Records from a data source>
-------

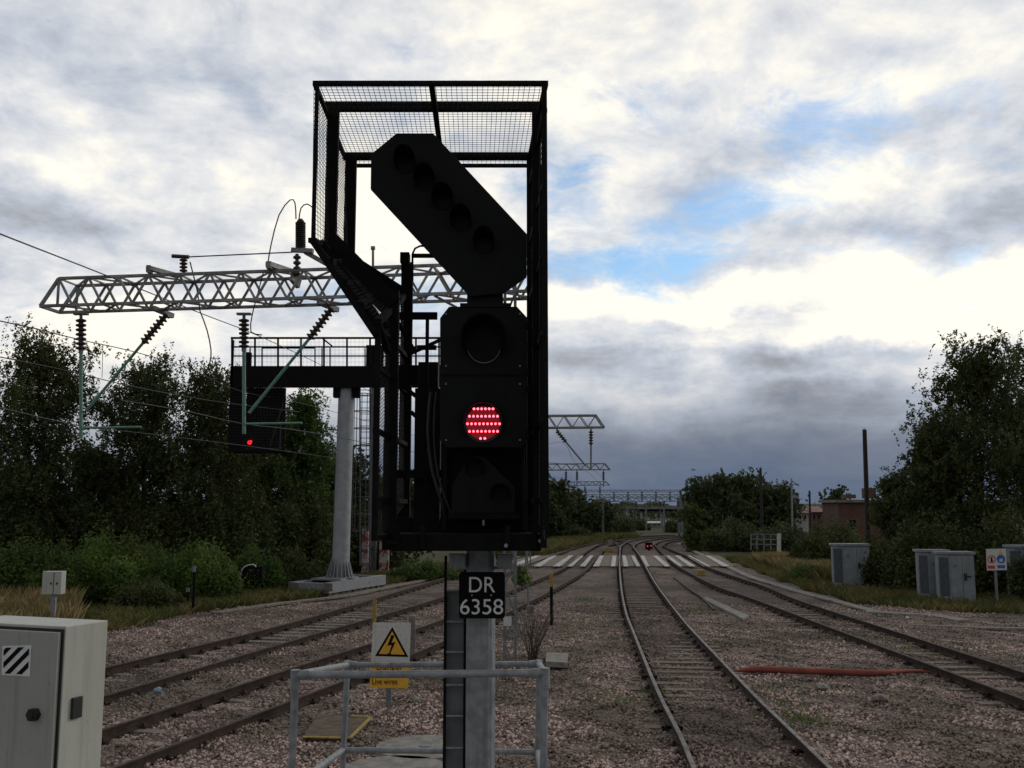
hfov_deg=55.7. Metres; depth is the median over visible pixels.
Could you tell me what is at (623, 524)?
bush
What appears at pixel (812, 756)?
railway track
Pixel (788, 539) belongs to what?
bush
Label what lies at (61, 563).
bush
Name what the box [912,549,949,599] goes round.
lineside cabinet
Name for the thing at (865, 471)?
utility pole
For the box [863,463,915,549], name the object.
tree
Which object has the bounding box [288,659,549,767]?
handrail
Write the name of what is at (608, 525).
tree
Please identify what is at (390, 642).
warning sign
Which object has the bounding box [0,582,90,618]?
dry grass
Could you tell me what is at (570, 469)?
overhead line gantry
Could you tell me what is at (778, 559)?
dry grass
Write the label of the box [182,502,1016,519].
distant wood
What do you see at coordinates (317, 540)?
bush
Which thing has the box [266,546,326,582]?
bush
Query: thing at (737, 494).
tree
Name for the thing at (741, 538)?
bush
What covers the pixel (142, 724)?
railway track
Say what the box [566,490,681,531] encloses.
overhead line portal
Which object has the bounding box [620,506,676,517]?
overhead line portal
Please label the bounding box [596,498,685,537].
overhead line portal
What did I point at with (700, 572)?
point heater box
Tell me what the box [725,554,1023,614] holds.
verge grass
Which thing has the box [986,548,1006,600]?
safety sign
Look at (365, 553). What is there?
painted post
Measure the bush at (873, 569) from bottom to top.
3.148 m
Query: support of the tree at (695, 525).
on the ground at (439, 555)
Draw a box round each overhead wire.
[0,233,383,399]
[0,320,411,434]
[0,356,297,411]
[0,407,412,469]
[120,399,557,477]
[549,442,601,485]
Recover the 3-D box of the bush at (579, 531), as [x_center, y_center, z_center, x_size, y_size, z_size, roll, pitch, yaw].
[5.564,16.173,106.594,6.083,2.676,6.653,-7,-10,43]
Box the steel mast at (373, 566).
[368,388,376,572]
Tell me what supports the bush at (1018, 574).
on the ground at (439, 555)
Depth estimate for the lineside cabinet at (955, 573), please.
36.96 m
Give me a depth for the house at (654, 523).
188.09 m
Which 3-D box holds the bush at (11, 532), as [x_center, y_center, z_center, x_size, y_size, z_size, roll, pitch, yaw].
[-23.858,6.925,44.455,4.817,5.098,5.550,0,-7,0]
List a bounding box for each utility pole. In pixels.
[759,467,762,532]
[788,478,798,533]
[809,490,811,532]
[862,428,870,540]
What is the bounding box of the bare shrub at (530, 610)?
[513,604,555,659]
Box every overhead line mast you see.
[645,505,654,530]
[663,506,673,531]
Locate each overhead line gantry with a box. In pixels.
[39,199,526,668]
[525,414,604,565]
[549,463,609,486]
[570,481,609,491]
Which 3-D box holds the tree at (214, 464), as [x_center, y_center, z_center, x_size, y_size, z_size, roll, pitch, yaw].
[-14.495,4.115,47.156,6.650,11.203,7.788,-1,-7,5]
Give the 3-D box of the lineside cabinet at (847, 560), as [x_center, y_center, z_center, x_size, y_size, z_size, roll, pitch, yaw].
[15.367,8.298,44.017,1.714,2.100,0.870,0,-7,0]
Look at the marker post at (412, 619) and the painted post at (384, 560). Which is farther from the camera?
the painted post at (384, 560)
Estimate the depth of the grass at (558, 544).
90.95 m
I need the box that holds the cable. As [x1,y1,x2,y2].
[640,666,734,671]
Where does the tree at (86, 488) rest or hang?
on the ground at (439, 555)
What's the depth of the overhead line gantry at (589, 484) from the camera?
134.33 m
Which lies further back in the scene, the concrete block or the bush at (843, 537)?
the bush at (843, 537)
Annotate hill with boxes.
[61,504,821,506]
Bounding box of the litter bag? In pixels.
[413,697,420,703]
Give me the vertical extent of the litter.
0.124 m
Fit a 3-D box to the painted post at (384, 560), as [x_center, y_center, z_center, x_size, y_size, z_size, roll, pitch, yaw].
[-6.974,9.422,52.813,0.582,2.008,0.380,0,-7,0]
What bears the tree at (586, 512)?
on the ground at (439, 555)
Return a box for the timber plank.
[702,597,748,620]
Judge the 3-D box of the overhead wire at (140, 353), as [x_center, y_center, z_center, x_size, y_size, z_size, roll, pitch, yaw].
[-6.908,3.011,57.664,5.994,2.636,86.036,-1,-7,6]
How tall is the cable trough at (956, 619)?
0.280 m
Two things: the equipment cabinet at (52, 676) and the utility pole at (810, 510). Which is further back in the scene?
the utility pole at (810, 510)
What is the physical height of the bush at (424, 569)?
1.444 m
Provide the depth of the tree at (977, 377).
45.07 m
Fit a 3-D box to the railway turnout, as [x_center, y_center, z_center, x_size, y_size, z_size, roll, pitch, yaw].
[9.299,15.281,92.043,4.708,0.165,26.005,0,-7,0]
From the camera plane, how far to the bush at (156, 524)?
44.33 m
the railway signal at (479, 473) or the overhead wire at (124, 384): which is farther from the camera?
the overhead wire at (124, 384)
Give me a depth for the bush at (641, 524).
161.63 m
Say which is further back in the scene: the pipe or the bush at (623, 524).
the bush at (623, 524)
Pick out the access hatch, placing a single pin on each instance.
(324, 727)
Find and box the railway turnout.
[600,540,634,549]
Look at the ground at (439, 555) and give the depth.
81.31 m
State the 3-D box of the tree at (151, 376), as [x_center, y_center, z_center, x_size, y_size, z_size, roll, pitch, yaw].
[-18.100,3.860,47.994,6.589,11.923,7.172,0,-7,0]
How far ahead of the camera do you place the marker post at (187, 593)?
35.98 m
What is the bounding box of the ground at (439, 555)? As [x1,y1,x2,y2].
[30,512,1023,613]
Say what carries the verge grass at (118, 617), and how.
on the ground at (439, 555)
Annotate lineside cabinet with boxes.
[829,543,870,586]
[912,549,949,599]
[932,551,975,601]
[1002,545,1023,593]
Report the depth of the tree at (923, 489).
45.97 m
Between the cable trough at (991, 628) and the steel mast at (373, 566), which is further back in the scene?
the steel mast at (373, 566)
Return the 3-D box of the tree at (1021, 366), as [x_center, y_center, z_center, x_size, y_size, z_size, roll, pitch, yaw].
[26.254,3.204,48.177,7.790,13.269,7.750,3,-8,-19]
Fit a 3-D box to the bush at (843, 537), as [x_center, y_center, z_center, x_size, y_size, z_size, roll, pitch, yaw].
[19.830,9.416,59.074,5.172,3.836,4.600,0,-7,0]
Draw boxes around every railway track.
[101,539,632,767]
[103,535,675,705]
[610,535,843,767]
[653,538,1023,719]
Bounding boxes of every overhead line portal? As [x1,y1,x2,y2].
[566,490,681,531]
[582,494,683,534]
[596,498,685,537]
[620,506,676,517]
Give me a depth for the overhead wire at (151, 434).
27.31 m
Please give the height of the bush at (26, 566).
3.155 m
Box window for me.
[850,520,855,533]
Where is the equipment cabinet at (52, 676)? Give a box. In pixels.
[0,615,107,767]
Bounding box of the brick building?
[818,488,894,545]
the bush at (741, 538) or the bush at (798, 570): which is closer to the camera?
the bush at (798, 570)
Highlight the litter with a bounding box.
[154,687,161,693]
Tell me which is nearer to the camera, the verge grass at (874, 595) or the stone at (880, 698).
the stone at (880, 698)
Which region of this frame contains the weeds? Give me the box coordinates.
[422,596,1018,728]
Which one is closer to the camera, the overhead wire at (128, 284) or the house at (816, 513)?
the overhead wire at (128, 284)
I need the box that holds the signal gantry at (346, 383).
[228,337,439,595]
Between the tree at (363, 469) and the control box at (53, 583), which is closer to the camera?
the control box at (53, 583)
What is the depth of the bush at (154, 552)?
39.23 m
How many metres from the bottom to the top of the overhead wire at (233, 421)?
1.036 m
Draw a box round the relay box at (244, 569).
[240,564,265,588]
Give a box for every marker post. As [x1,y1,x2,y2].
[186,588,189,601]
[192,566,195,612]
[372,600,376,621]
[409,616,415,653]
[526,551,528,605]
[550,573,552,624]
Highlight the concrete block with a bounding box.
[546,652,567,667]
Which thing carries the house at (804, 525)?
on the ground at (439, 555)
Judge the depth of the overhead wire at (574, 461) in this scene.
77.04 m
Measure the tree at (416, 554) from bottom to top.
6.331 m
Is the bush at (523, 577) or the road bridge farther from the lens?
the road bridge
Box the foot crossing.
[512,556,734,567]
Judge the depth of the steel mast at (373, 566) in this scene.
54.09 m
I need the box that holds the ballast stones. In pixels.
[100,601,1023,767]
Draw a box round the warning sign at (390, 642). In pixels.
[369,622,410,706]
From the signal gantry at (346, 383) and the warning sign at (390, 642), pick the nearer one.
the warning sign at (390, 642)
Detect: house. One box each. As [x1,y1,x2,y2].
[647,521,660,526]
[793,511,808,533]
[801,506,822,532]
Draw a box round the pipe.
[735,666,930,676]
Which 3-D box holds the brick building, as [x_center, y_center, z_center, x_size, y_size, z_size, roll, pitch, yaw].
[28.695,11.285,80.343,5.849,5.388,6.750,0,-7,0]
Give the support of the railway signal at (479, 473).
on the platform
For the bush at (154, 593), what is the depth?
33.85 m
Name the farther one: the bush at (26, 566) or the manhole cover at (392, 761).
the bush at (26, 566)
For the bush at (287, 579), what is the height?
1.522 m
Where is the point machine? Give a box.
[603,547,612,552]
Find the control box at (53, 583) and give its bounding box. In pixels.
[42,571,65,617]
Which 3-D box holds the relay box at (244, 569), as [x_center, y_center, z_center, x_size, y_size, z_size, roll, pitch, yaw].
[-10.824,8.237,40.441,0.917,1.494,0.678,0,-7,0]
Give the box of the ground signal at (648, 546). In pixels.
[645,542,652,550]
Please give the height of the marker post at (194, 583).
1.615 m
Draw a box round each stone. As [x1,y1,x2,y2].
[815,682,828,690]
[871,693,888,702]
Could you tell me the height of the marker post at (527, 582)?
2.400 m
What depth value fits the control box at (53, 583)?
27.05 m
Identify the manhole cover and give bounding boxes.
[346,755,442,767]
[376,735,442,760]
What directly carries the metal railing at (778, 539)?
on the dry grass at (778, 559)
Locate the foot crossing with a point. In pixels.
(649, 561)
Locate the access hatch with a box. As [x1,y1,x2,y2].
[303,714,371,741]
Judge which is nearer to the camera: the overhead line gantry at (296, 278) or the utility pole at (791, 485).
the overhead line gantry at (296, 278)
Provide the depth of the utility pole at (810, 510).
79.26 m
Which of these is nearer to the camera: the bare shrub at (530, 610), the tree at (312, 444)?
the bare shrub at (530, 610)
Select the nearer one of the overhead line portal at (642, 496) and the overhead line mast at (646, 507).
the overhead line portal at (642, 496)
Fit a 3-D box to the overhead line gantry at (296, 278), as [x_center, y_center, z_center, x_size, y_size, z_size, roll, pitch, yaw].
[-5.507,1.079,23.119,12.286,11.034,1.430,-1,-7,8]
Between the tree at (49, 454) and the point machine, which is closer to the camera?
the tree at (49, 454)
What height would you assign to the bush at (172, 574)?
2.751 m
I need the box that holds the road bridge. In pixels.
[638,507,676,527]
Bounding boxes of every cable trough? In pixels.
[211,578,437,614]
[676,543,878,610]
[865,611,970,622]
[905,624,1023,630]
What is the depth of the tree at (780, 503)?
91.64 m
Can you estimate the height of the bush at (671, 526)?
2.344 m
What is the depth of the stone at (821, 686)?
18.95 m
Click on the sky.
(765, 217)
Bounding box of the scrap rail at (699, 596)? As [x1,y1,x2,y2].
[673,577,714,609]
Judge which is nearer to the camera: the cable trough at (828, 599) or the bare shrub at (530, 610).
the bare shrub at (530, 610)
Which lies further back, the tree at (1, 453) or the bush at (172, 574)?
the tree at (1, 453)
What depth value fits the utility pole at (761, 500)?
84.30 m
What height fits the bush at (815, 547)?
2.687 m
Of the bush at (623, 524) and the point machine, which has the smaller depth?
the point machine
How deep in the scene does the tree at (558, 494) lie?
103.38 m
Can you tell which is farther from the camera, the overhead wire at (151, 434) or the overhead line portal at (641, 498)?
the overhead line portal at (641, 498)
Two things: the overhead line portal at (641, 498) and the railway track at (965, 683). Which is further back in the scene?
the overhead line portal at (641, 498)
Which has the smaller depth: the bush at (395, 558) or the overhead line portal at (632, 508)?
the bush at (395, 558)
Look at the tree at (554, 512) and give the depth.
98.82 m
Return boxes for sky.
[0,0,1023,505]
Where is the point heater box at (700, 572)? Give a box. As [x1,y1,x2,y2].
[696,570,704,575]
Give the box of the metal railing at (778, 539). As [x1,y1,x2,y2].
[756,533,780,551]
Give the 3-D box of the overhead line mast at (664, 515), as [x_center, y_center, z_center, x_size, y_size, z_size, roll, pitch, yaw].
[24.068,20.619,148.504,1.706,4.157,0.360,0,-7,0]
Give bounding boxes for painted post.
[361,526,368,572]
[379,540,388,571]
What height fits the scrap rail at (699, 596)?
0.185 m
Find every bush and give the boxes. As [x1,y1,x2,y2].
[0,487,36,558]
[0,525,59,594]
[0,536,22,593]
[19,476,111,567]
[22,530,102,605]
[68,519,164,606]
[95,472,193,561]
[109,573,187,609]
[137,528,174,573]
[141,533,238,597]
[172,477,284,566]
[179,536,244,599]
[229,538,286,590]
[254,475,356,575]
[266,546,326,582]
[266,559,293,587]
[350,502,406,573]
[385,555,459,581]
[510,564,532,585]
[556,522,593,536]
[609,513,635,532]
[629,518,650,529]
[663,518,680,532]
[696,514,761,551]
[752,517,808,552]
[787,527,831,560]
[788,559,820,580]
[799,507,878,548]
[860,522,895,586]
[881,507,978,591]
[947,497,1023,595]
[1004,541,1023,599]
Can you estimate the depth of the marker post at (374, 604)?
28.46 m
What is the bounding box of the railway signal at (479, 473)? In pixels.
[308,81,548,767]
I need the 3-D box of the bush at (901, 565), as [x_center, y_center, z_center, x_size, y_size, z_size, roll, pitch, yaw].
[17.794,7.156,41.402,4.208,3.819,3.826,4,-8,-30]
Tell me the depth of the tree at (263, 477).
54.24 m
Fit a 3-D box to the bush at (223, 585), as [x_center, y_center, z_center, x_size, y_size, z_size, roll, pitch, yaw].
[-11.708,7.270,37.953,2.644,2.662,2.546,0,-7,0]
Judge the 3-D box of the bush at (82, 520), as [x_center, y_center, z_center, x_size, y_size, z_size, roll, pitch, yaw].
[-20.754,6.981,45.652,5.221,5.304,5.459,0,-7,0]
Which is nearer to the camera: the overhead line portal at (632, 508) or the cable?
the cable
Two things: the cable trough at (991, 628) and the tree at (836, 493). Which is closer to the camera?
the cable trough at (991, 628)
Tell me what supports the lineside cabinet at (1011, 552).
on the ground at (439, 555)
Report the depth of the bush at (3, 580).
36.10 m
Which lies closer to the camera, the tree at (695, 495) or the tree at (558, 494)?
the tree at (695, 495)
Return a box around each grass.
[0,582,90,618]
[79,561,496,631]
[495,531,642,558]
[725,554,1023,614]
[749,550,831,579]
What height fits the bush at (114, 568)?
3.577 m
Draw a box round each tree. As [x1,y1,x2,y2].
[0,312,134,556]
[0,443,29,514]
[53,442,149,536]
[79,341,196,539]
[141,354,302,554]
[203,430,332,529]
[243,388,336,549]
[312,440,397,523]
[366,469,434,562]
[547,477,578,537]
[549,480,569,521]
[566,486,605,529]
[584,499,617,532]
[676,469,719,532]
[678,502,711,551]
[698,467,776,532]
[755,479,816,530]
[818,484,850,507]
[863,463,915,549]
[878,424,979,546]
[892,324,1023,558]
[959,330,1023,544]
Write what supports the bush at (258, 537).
on the ground at (439, 555)
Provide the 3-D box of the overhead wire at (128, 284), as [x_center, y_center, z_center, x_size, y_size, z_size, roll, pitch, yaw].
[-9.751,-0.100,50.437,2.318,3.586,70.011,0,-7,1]
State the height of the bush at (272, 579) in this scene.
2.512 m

-------

Task description>
Return the span of lines in the data above that opens at the line with "Click on the sky." and closes at the line with "Give the 3-D box of the overhead", exactly, ends included, nothing else.

Answer below>
Click on the sky.
(765, 217)
Bounding box of the scrap rail at (699, 596)? As [x1,y1,x2,y2].
[673,577,714,609]
Judge which is nearer to the camera: the cable trough at (828, 599) or the bare shrub at (530, 610).
the bare shrub at (530, 610)
Which lies further back, the tree at (1, 453) or the bush at (172, 574)?
the tree at (1, 453)
What depth value fits the utility pole at (761, 500)?
84.30 m
What height fits the bush at (815, 547)?
2.687 m
Of the bush at (623, 524) and the point machine, which has the smaller depth?
the point machine
How deep in the scene does the tree at (558, 494) lie?
103.38 m
Can you tell which is farther from the camera, the overhead wire at (151, 434) or the overhead line portal at (641, 498)?
the overhead line portal at (641, 498)
Two things: the overhead line portal at (641, 498) and the railway track at (965, 683). Which is further back in the scene?
the overhead line portal at (641, 498)
Which has the smaller depth: the bush at (395, 558) or the overhead line portal at (632, 508)?
the bush at (395, 558)
Look at the tree at (554, 512) and give the depth.
98.82 m
Return boxes for sky.
[0,0,1023,505]
Where is the point heater box at (700, 572)? Give a box. As [x1,y1,x2,y2].
[696,570,704,575]
Give the box of the metal railing at (778, 539). As [x1,y1,x2,y2].
[756,533,780,551]
Give the 3-D box of the overhead line mast at (664, 515), as [x_center, y_center, z_center, x_size, y_size, z_size, roll, pitch, yaw].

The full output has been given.